Ankit Kulshrestha     About     Archive     Feed

Self modifying code using Python (AST Manipulation)

A few days ago, I was working on a project, when I realized that in order to achieve the goals of the project, the code needed to be self modifying.

There are not many resources out there which would describe how to write self modifying python code, so I decided to create this blog post detailing the method I followed i.e. AST Manipulation.

What’s AST?

AST stands for Abstract Syntax Tree. This is how python statements are represented in memory. So for example, if you write :

x = 1 + 2

That would be represented in python as:

Module: 
   body: Assign
   Assign: Targets, Value
   Targets: Name
   Name: id = x
   Value: BinOp
   BinOp: Left, op, right
   Left: Num(1) 
   op: Add
   right: Num(2)

It becomes quite clear that this simple statement is represented by a very expressive syntax tree.

What can I do with AST?

Ah, now we’re asking the right questions. Python introduced the ast module just to enable curious programmers like you and me to explore and play with the python grammar structures.

Python is an object oriented language. That means that everyting in python is an object of some class. As seen in the code listing above, the variable x belongs to the class id which in turn belongs to class Name. Smarter readers amongst you, might have figured where I’m going with this- the ast module provides these very classes which would come in handy later to explore (and modify) the structures.

Most of the information for playing with ast is in the documentation. However, it is not well explained so I will attempt to give an explanation of the most common uses of the module.

Traversing and Modifying the AST

Ast provides two major set of classes:

Both of these classes must be subclassed by the programmer and then the visit_* methods be overridden in order to traverse/modify the AST.

The visit_* methods are different based on what part of the AST you want to visit. For example, you would write visit_name in order to visit the nodes with the class Name.

Here’s how you can traverse a tree and print out all the Binary operators in the tree:

import ast

class BinOpVisitor(ast.NodeVisitor):
    def __init__(self):
        super.__init__(self)
       
           
    def visit_BinOp(node):
        print 'BinOp:', node.BinOp
             
 
 
 if __name__ == '__main__':
     x = ast.parse('y = 1+2')
     binopv = BinOpVisitor().visit(x)
     
     

This code introduces some of the methods of the ast module. In main, x is passed the parsed value of the statement using parse. The method parse is used for converting a given statement into a python AST.

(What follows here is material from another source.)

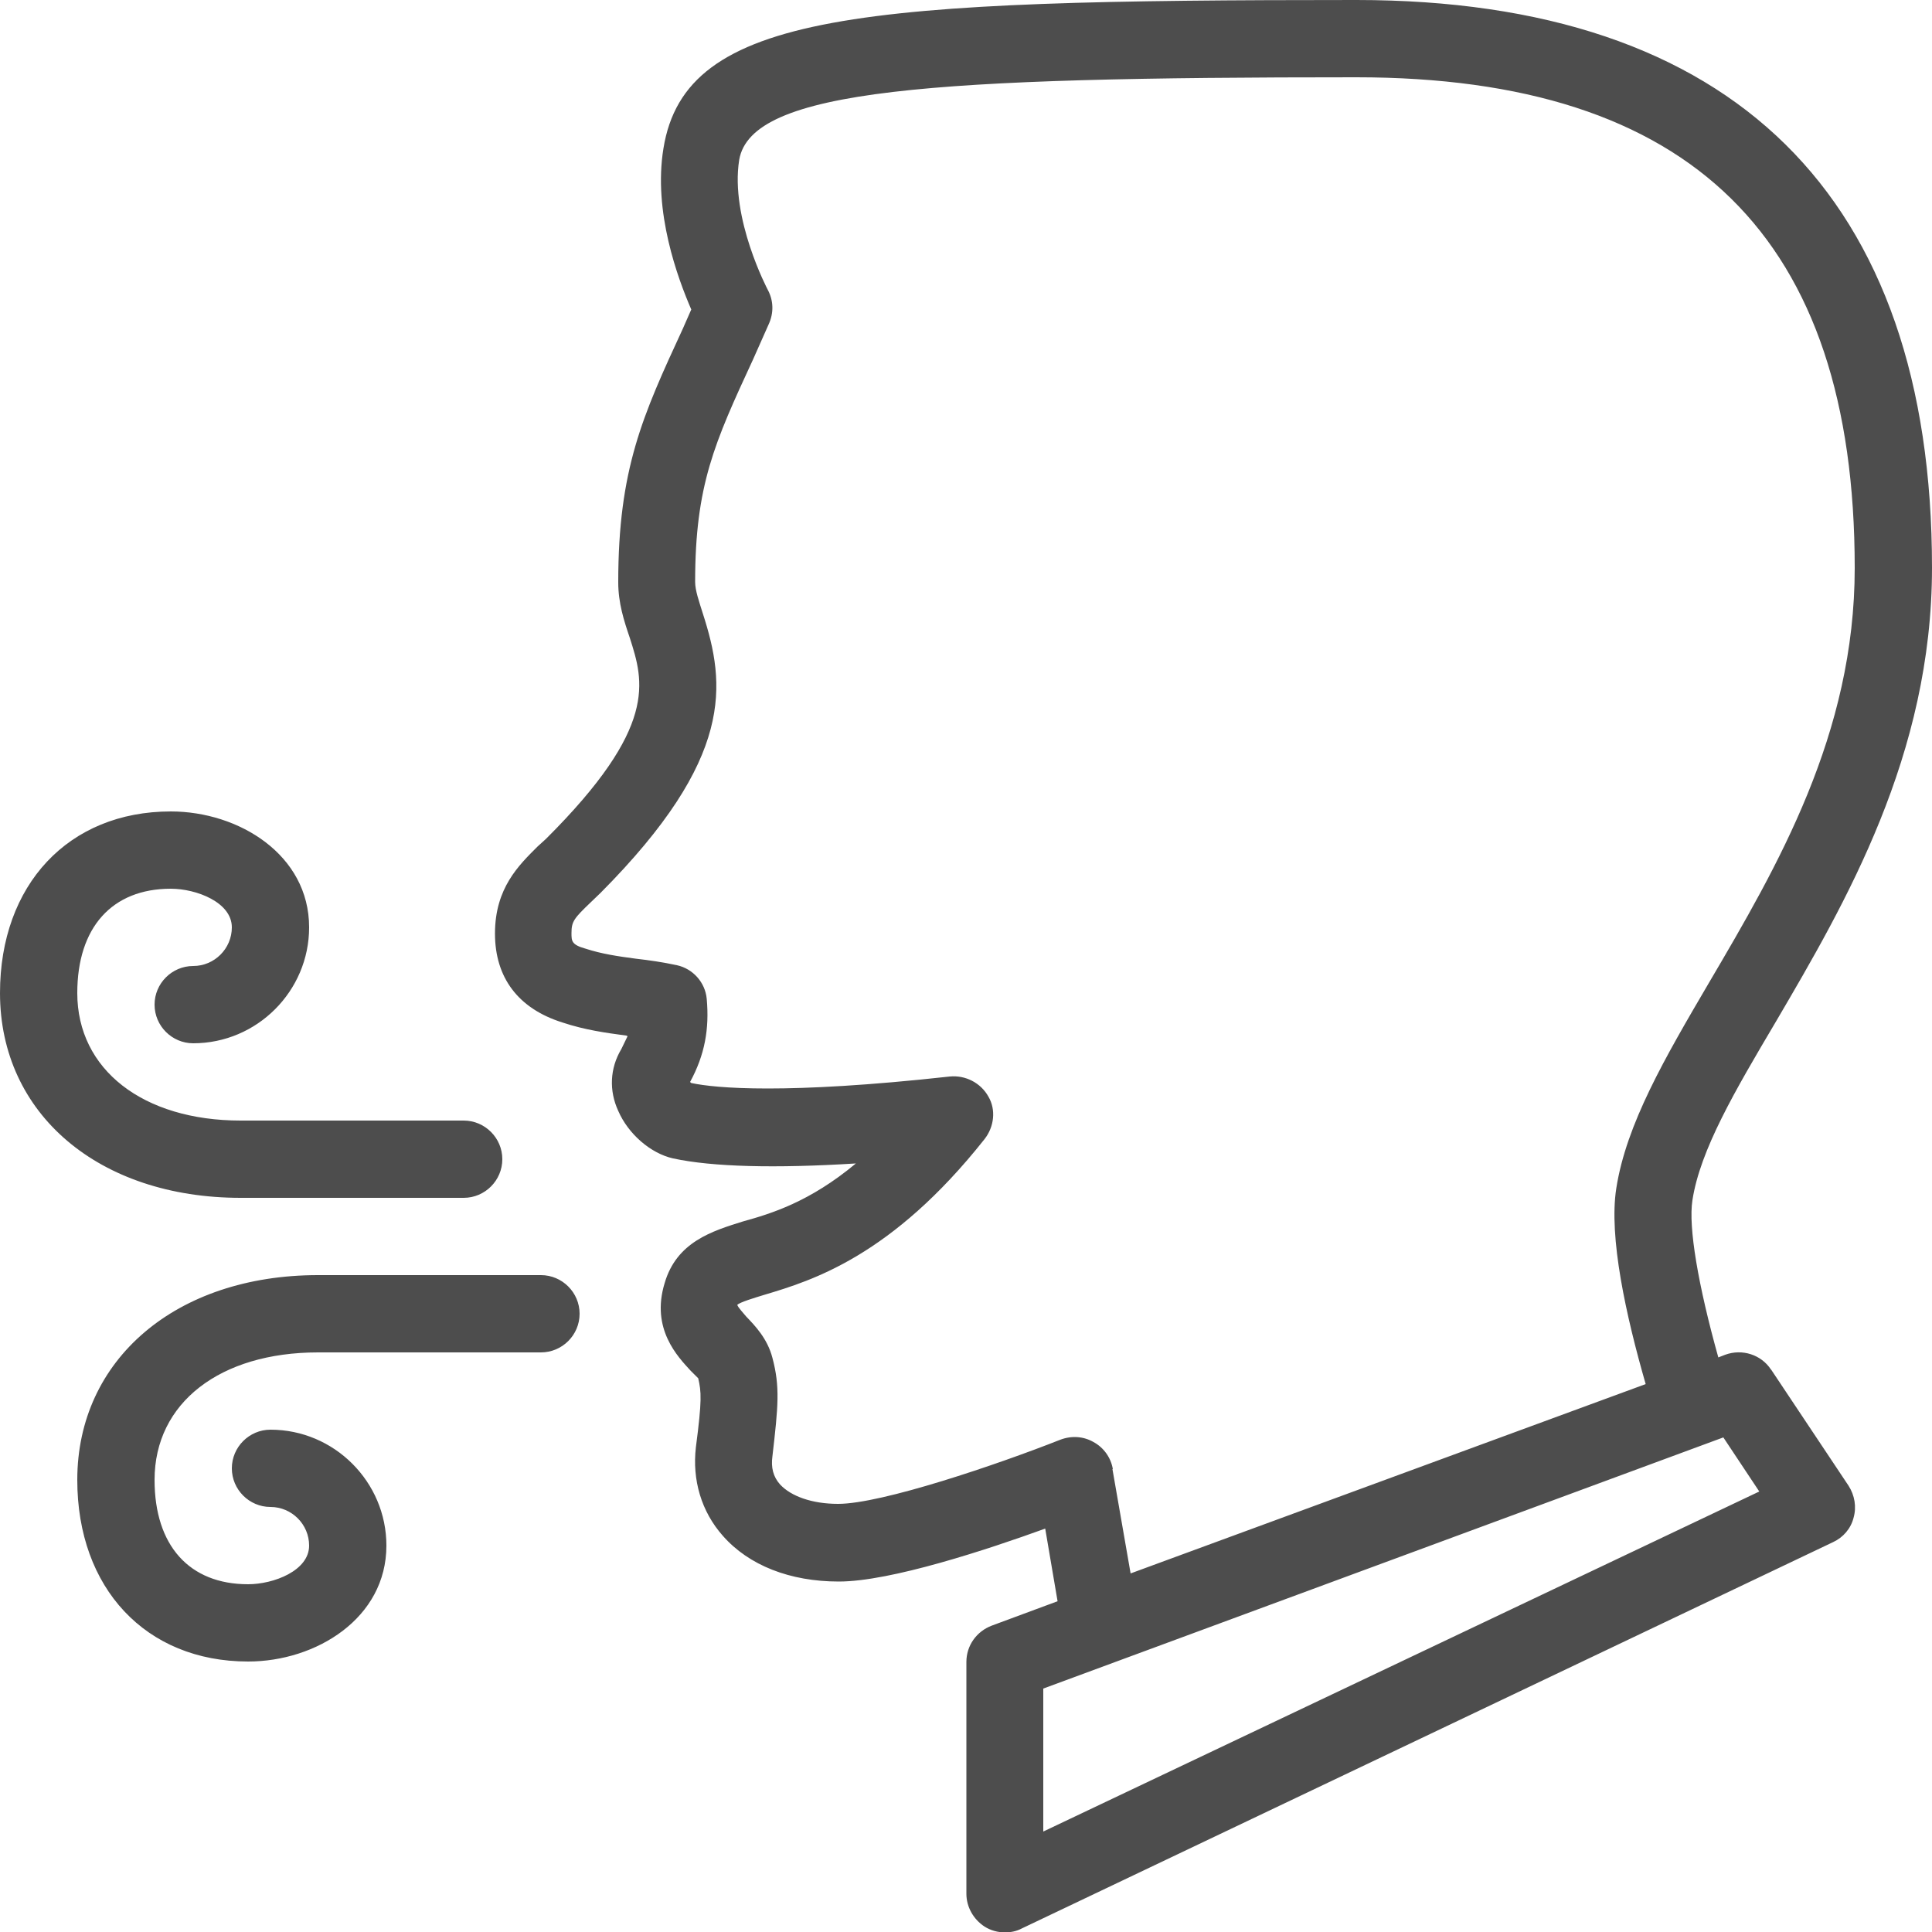 <svg width="50" height="50" viewBox="0 0 50 50" xmlns="http://www.w3.org/2000/svg"><title>Page 1</title><g fill="#4D4D4D" fill-rule="evenodd"><path d="M12 31c.55 0 1-.45 1-1s-.45-1-1-1H6.23C3.7 29 2 27.68 2 25.7 2 24 2.9 23 4.42 23c.66 0 1.58.35 1.58 1 0 .55-.45 1-1 1s-1 .45-1 1 .45 1 1 1c1.65 0 3-1.35 3-3 0-1.88-1.82-3-3.58-3C1.77 21 0 22.9 0 25.7 0 28.83 2.56 31 6.23 31H12zM14 33H8.23C4.56 33 2 35.18 2 38.3 2 41.1 3.77 43 6.42 43 8.18 43 10 41.88 10 40c0-1.65-1.35-3-3-3-.55 0-1 .45-1 1s.45 1 1 1 1 .45 1 1c0 .65-.92 1-1.58 1C4.9 41 4 40 4 38.3 4 36.3 5.7 35 8.23 35H14c.55 0 1-.45 1-1s-.45-1-1-1M27 47.42V43.7l17.6-6.5.93 1.4L27 47.4zm1.8-9.4c-.05-.3-.24-.56-.5-.7-.26-.15-.57-.17-.86-.06-1.62.64-4.62 1.66-5.75 1.66-.68 0-1.22-.2-1.5-.5-.18-.2-.24-.44-.2-.73.15-1.3.2-1.8 0-2.55-.13-.5-.45-.83-.68-1.07-.08-.1-.2-.22-.23-.3.07-.07.44-.18.7-.26 1.24-.37 3.3-1 5.7-4.03.25-.32.3-.76.1-1.1-.2-.36-.6-.56-1-.52-4.26.47-6.07.3-6.68.17-.02 0-.03-.02-.04-.03.38-.7.5-1.37.43-2.15-.04-.43-.36-.78-.77-.87-.37-.08-.72-.13-1.07-.17-.45-.06-.87-.12-1.3-.26-.36-.1-.36-.2-.36-.4 0-.3.06-.38.5-.8l.25-.24c3.48-3.5 3.24-5.4 2.65-7.23-.1-.32-.2-.6-.2-.82 0-2.5.5-3.6 1.5-5.76l.4-.9c.14-.3.13-.62-.02-.9 0 0-.98-1.85-.74-3.36C19.44 2.3 24.1 2 35.1 2 43.78 2 48 6.15 48 14.7c0 4.3-2 7.72-3.77 10.73-1.15 1.96-2.14 3.66-2.4 5.32-.2 1.26.25 3.3.76 5.07l-13.33 4.9-.47-2.7zm17.03-2.58c-.25-.38-.74-.54-1.18-.38l-.18.07c-.52-1.86-.78-3.37-.67-4.07.2-1.3 1.1-2.83 2.16-4.62 1.8-3.07 4.04-6.9 4.04-11.75C50 5.07 44.85 0 35.1 0 22.28 0 17.74.3 17.17 3.84c-.27 1.64.37 3.36.72 4.17l-.22.5C16.63 10.76 16 12.14 16 15.07c0 .54.15 1 .3 1.44.36 1.13.74 2.3-2.17 5.2l-.22.2c-.48.48-1.1 1.07-1.1 2.25 0 1.14.6 1.94 1.74 2.3.6.2 1.14.27 1.65.34 0 0 .03 0 .04.02l-.16.33c-.3.5-.32 1.08-.08 1.6.26.6.84 1.1 1.42 1.23 1.02.22 2.64.26 4.73.13-1.2 1-2.2 1.3-2.92 1.5-.8.25-1.72.53-2.03 1.6-.36 1.18.34 1.9.67 2.26l.2.2c.08.35.1.56-.06 1.78-.1.85.14 1.67.7 2.3.67.76 1.73 1.18 3 1.18 1.34 0 3.85-.83 5.34-1.37l.32 1.88-1.7.63c-.4.15-.66.52-.66.94v6c0 .34.18.66.47.85.16.1.34.15.53.15.15 0 .3-.03.43-.1l21-10c.26-.12.46-.35.53-.63.08-.28.03-.58-.13-.83l-2-3z"/></g></svg>

The visit_BinOp module just prints the binary operator of the corresponding node.

Since BinOpVisitor subclasses from NodeVisitor it has access to the visit method which can be used to traverse a tree. However, since we’ve defined visit_BinOp, the output just produces the Binary Operator in the expression. Easy right?

However, ast also provides us with another method called walk which could be used in replacement for above. So the above code can be written equivalently as:

x = ast.parse('y = 1+2')
for node in ast.walk(x):
    if isinstance(node, ast.BinOp):
        print 'BinOp:', node.BinOp

Modifying the AST for fun (and profit):

It’s not so much fun as to just see the underlying AST structure. What if we could change it? Well ast provides even that functionality to us as well, using ast.NodeTransformer.

Before I describe how we can use the class, I’d like to point out where it can be used.

Most of the IDE’s like PyCharm use some sort of syntax checking tools to correct the mistakes made by beginner programmers. It is not without bounds of reason to consider that it relies on using AST for that purpose.

Furthermore, this class can be used to change code at run time by allowing it to read in a script and change the meaning of a particular operator. In this way, the program becomes undeterministic and unreliable. For example, if I change + to not mean that “take the left and right operands and return the sum” and change it’s meaning to “output a string - hello world”, the program would become completely unreliable, but it would not crash.

There are in essence three phases of Node Transformation:

I’ve already shown how to parse the script into AST. I’ll describe how to gain access to a node and change it. After you’ve subclassed the ast.NodeTransformer here’s what needs to be written in the visit_op (I’ll change addition):


def visit_op(self, node):
    old_node = node
    if isinstance(node,ast.Add):
        new_node = ast.Call(func=Name(id='print_hello',
                                      ctx=Load()),
                             args=[])
         ast.copy_location(new_node, old_node)
         ast.fix_missing_locations(new_node)
         return new_node
    return old_node
      

Suddenly, its a lot of code. However, all it does it compare whether the current node is an instance of ast.Add class and if true, it creates a new node which calls a function print_hello. Then the helper function copy_location copies the location of the old node to the new one and the helper fix_missing_location would fix any missing memory locations.

Compilation to the source code is a simple matter of calling:

compile(new_node, '<ast>', 'exec')

I’d like to thank /r/python and to the information found here. For additional documention on ast, this is a very good resource as well. Happy hacking!